### INSTRUCTIONS TO FOLLOW
Print each entry word for word without images.

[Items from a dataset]
= = =
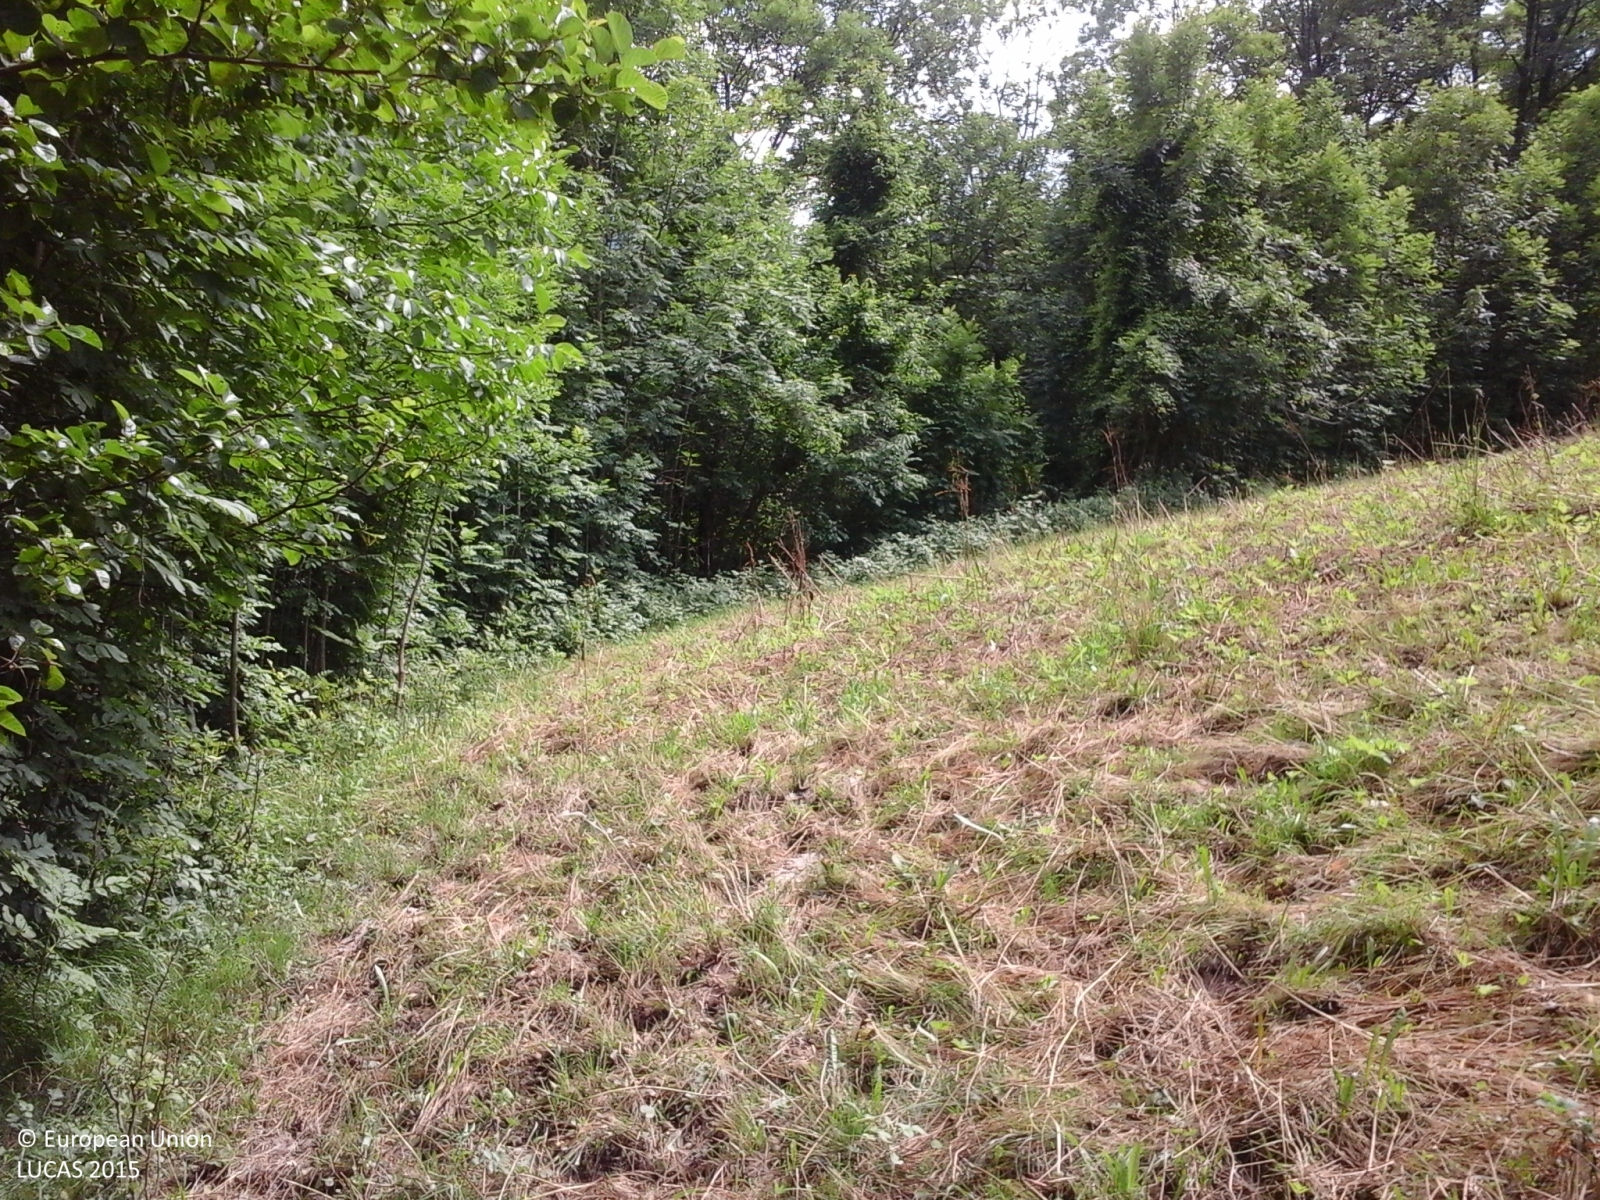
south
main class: Grassland
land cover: Grassland without tree/shrub cover
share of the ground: > 75 %
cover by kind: herbaceous plants 100 %
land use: Agriculture (excluding fallow land and kitchen gardens)
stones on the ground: < 10 %
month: June
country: IT
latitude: 44.2379
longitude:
= = =
### WRITTEN RESPONSE
south
main class: Grassland
land cover: Grassland without tree/shrub cover
share of the ground: > 75 %
cover by kind: herbaceous plants 100 %
land use: Agriculture (excluding fallow land and kitchen gardens)
stones on the ground: < 10 %
month: June
country: IT
latitude: 44.2379
longitude:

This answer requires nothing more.